Task brief -
Please repeat the records, word for word and without gaps.

Material shown -
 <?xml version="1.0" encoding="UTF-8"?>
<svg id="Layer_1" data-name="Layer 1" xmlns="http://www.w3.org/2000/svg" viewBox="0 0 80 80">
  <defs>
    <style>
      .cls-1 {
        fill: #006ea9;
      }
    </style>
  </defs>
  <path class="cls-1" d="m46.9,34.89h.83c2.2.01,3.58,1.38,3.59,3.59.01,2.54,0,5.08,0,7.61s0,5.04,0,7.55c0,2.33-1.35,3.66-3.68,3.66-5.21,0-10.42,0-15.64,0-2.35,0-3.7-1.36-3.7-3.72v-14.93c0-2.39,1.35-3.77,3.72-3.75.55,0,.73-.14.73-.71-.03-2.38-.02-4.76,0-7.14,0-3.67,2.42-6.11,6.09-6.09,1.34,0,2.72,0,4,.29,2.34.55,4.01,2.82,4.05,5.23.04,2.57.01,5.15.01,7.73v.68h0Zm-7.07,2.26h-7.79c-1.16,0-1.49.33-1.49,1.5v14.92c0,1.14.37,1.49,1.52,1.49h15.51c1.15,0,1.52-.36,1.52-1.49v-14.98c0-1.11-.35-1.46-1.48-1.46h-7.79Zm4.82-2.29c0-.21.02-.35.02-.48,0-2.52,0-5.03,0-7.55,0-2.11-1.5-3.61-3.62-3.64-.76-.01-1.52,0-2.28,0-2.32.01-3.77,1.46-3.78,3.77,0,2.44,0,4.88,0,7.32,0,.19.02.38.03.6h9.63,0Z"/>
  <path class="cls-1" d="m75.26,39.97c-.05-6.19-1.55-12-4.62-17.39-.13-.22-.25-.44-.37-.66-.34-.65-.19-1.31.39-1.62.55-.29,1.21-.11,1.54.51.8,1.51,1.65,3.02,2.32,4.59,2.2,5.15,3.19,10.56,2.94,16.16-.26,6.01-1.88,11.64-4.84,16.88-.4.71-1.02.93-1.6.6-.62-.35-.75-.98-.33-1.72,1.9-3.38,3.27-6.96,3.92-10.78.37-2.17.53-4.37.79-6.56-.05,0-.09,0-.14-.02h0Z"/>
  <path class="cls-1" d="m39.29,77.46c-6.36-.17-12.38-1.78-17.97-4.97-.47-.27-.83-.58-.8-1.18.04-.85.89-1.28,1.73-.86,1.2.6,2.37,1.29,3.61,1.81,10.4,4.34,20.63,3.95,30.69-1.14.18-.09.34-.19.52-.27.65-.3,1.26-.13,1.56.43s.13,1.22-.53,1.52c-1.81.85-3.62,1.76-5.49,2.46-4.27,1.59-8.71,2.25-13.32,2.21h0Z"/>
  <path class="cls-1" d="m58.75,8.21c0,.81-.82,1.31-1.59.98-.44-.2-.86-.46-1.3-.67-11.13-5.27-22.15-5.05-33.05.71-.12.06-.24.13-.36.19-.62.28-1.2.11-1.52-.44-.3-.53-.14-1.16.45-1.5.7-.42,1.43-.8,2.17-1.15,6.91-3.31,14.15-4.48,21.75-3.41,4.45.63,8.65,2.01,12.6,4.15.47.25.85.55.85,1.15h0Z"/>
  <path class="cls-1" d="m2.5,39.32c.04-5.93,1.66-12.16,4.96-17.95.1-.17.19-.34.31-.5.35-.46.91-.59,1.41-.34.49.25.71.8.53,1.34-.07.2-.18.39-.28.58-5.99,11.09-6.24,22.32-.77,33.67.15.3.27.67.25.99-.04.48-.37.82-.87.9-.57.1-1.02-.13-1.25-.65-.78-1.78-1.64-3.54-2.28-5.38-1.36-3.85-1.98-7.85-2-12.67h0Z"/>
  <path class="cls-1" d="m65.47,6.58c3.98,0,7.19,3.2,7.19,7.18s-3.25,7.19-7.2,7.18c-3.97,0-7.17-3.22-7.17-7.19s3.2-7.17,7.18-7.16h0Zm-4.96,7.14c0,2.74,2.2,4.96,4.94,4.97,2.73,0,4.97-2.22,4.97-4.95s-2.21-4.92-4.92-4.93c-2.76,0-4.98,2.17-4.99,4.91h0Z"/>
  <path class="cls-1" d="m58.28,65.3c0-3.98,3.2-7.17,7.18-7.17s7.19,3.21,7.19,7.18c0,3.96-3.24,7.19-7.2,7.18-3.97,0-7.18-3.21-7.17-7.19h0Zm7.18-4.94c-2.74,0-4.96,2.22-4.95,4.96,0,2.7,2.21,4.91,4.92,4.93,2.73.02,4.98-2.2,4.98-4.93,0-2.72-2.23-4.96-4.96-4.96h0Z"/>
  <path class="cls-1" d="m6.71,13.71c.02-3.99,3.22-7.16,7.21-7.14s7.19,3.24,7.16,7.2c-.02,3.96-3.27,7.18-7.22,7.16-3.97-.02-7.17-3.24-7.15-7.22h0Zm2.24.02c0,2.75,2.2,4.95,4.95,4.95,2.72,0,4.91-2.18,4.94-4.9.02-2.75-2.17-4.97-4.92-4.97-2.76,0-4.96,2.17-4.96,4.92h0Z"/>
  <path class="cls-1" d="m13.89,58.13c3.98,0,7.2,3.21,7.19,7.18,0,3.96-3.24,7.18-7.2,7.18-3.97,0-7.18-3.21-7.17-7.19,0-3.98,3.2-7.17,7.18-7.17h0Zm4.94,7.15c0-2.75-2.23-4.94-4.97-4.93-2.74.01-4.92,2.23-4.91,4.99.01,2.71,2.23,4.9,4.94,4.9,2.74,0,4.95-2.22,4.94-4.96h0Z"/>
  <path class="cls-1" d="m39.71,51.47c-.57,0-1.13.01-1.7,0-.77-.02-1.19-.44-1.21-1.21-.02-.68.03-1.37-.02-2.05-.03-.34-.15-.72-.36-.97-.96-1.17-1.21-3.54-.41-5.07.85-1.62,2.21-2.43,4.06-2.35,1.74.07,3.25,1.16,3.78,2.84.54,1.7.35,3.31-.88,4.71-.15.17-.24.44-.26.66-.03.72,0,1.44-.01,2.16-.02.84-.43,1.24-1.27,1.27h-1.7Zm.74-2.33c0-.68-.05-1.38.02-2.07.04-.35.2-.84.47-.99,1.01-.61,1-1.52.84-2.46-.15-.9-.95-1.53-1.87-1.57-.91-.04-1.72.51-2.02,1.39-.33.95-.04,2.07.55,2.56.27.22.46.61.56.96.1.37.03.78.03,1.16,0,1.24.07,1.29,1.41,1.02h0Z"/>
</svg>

Response box -
 <?xml version="1.0" encoding="UTF-8"?>
<svg id="Layer_1" data-name="Layer 1" xmlns="http://www.w3.org/2000/svg" viewBox="0 0 80 80">
  <defs>
    <style>
      .cls-1 {
        fill: #006ea9;
      }
    </style>
  </defs>
  <path class="cls-1" d="m46.9,34.89h.83c2.2.01,3.58,1.38,3.59,3.59.01,2.54,0,5.08,0,7.61s0,5.04,0,7.55c0,2.33-1.35,3.66-3.68,3.66-5.21,0-10.42,0-15.64,0-2.35,0-3.7-1.36-3.7-3.72v-14.93c0-2.39,1.35-3.77,3.72-3.75.55,0,.73-.14.73-.71-.03-2.38-.02-4.76,0-7.14,0-3.67,2.42-6.11,6.09-6.09,1.34,0,2.72,0,4,.29,2.34.55,4.01,2.82,4.05,5.23.04,2.57.01,5.15.01,7.73v.68h0Zm-7.07,2.26h-7.79c-1.16,0-1.49.33-1.49,1.5v14.92c0,1.14.37,1.49,1.52,1.49h15.51c1.15,0,1.52-.36,1.52-1.49v-14.98c0-1.11-.35-1.46-1.48-1.46h-7.79Zm4.82-2.29c0-.21.02-.35.02-.48,0-2.52,0-5.03,0-7.55,0-2.11-1.5-3.61-3.62-3.64-.76-.01-1.52,0-2.28,0-2.32.01-3.77,1.46-3.78,3.77,0,2.44,0,4.88,0,7.32,0,.19.02.38.03.6h9.63,0Z"/>
  <path class="cls-1" d="m75.26,39.97c-.05-6.19-1.55-12-4.62-17.39-.13-.22-.25-.44-.37-.66-.34-.65-.19-1.31.39-1.62.55-.29,1.21-.11,1.54.51.8,1.51,1.65,3.02,2.32,4.59,2.2,5.15,3.19,10.56,2.94,16.16-.26,6.01-1.88,11.64-4.84,16.88-.4.71-1.02.93-1.6.6-.62-.35-.75-.98-.33-1.72,1.9-3.38,3.27-6.96,3.92-10.78.37-2.17.53-4.37.79-6.56-.05,0-.09,0-.14-.02h0Z"/>
  <path class="cls-1" d="m39.29,77.46c-6.36-.17-12.38-1.78-17.97-4.97-.47-.27-.83-.58-.8-1.18.04-.85.89-1.28,1.73-.86,1.2.6,2.37,1.29,3.61,1.81,10.4,4.34,20.63,3.95,30.69-1.14.18-.09.34-.19.52-.27.65-.3,1.26-.13,1.56.43s.13,1.22-.53,1.52c-1.81.85-3.62,1.76-5.49,2.46-4.27,1.59-8.71,2.25-13.32,2.21h0Z"/>
  <path class="cls-1" d="m58.75,8.21c0,.81-.82,1.31-1.59.98-.44-.2-.86-.46-1.3-.67-11.13-5.27-22.15-5.05-33.05.71-.12.06-.24.13-.36.19-.62.28-1.2.11-1.52-.44-.3-.53-.14-1.16.45-1.5.7-.42,1.43-.8,2.17-1.15,6.91-3.31,14.15-4.48,21.75-3.41,4.45.63,8.65,2.01,12.6,4.15.47.25.85.55.85,1.15h0Z"/>
  <path class="cls-1" d="m2.5,39.32c.04-5.93,1.66-12.16,4.96-17.95.1-.17.19-.34.31-.5.35-.46.91-.59,1.41-.34.49.25.71.8.53,1.34-.07.2-.18.39-.28.58-5.99,11.09-6.24,22.32-.77,33.67.15.3.27.67.25.99-.04.48-.37.82-.87.9-.57.1-1.02-.13-1.25-.65-.78-1.78-1.64-3.54-2.28-5.38-1.36-3.85-1.98-7.85-2-12.67h0Z"/>
  <path class="cls-1" d="m65.47,6.58c3.98,0,7.19,3.2,7.19,7.18s-3.25,7.19-7.2,7.18c-3.97,0-7.17-3.22-7.17-7.19s3.2-7.17,7.18-7.16h0Zm-4.96,7.14c0,2.74,2.2,4.96,4.94,4.97,2.73,0,4.97-2.22,4.97-4.95s-2.21-4.92-4.92-4.93c-2.76,0-4.98,2.17-4.99,4.91h0Z"/>
  <path class="cls-1" d="m58.28,65.3c0-3.98,3.2-7.17,7.18-7.17s7.19,3.21,7.19,7.18c0,3.96-3.24,7.19-7.2,7.18-3.97,0-7.18-3.21-7.17-7.19h0Zm7.18-4.94c-2.74,0-4.96,2.22-4.95,4.96,0,2.7,2.21,4.91,4.92,4.93,2.73.02,4.98-2.2,4.98-4.93,0-2.72-2.23-4.96-4.96-4.96h0Z"/>
  <path class="cls-1" d="m6.71,13.71c.02-3.99,3.22-7.16,7.21-7.14s7.19,3.24,7.16,7.2c-.02,3.96-3.27,7.18-7.22,7.16-3.97-.02-7.17-3.24-7.15-7.22h0Zm2.24.02c0,2.75,2.2,4.95,4.95,4.95,2.72,0,4.91-2.18,4.94-4.9.02-2.75-2.17-4.97-4.92-4.97-2.76,0-4.96,2.17-4.96,4.92h0Z"/>
  <path class="cls-1" d="m13.89,58.13c3.98,0,7.2,3.21,7.19,7.18,0,3.96-3.24,7.18-7.2,7.18-3.97,0-7.18-3.21-7.17-7.19,0-3.98,3.2-7.17,7.18-7.17h0Zm4.94,7.15c0-2.75-2.23-4.94-4.97-4.93-2.74.01-4.92,2.23-4.91,4.99.01,2.71,2.23,4.9,4.94,4.9,2.74,0,4.95-2.22,4.94-4.96h0Z"/>
  <path class="cls-1" d="m39.71,51.47c-.57,0-1.13.01-1.7,0-.77-.02-1.19-.44-1.21-1.21-.02-.68.03-1.37-.02-2.05-.03-.34-.15-.72-.36-.97-.96-1.17-1.21-3.54-.41-5.07.85-1.62,2.21-2.43,4.06-2.35,1.74.07,3.25,1.16,3.78,2.84.54,1.7.35,3.31-.88,4.71-.15.17-.24.44-.26.66-.03.72,0,1.44-.01,2.16-.02.84-.43,1.24-1.27,1.27h-1.7Zm.74-2.33c0-.68-.05-1.38.02-2.07.04-.35.2-.84.47-.99,1.01-.61,1-1.52.84-2.46-.15-.9-.95-1.53-1.87-1.57-.91-.04-1.72.51-2.02,1.39-.33.95-.04,2.07.55,2.56.27.22.46.61.56.96.1.37.03.78.03,1.16,0,1.24.07,1.29,1.41,1.02h0Z"/>
</svg>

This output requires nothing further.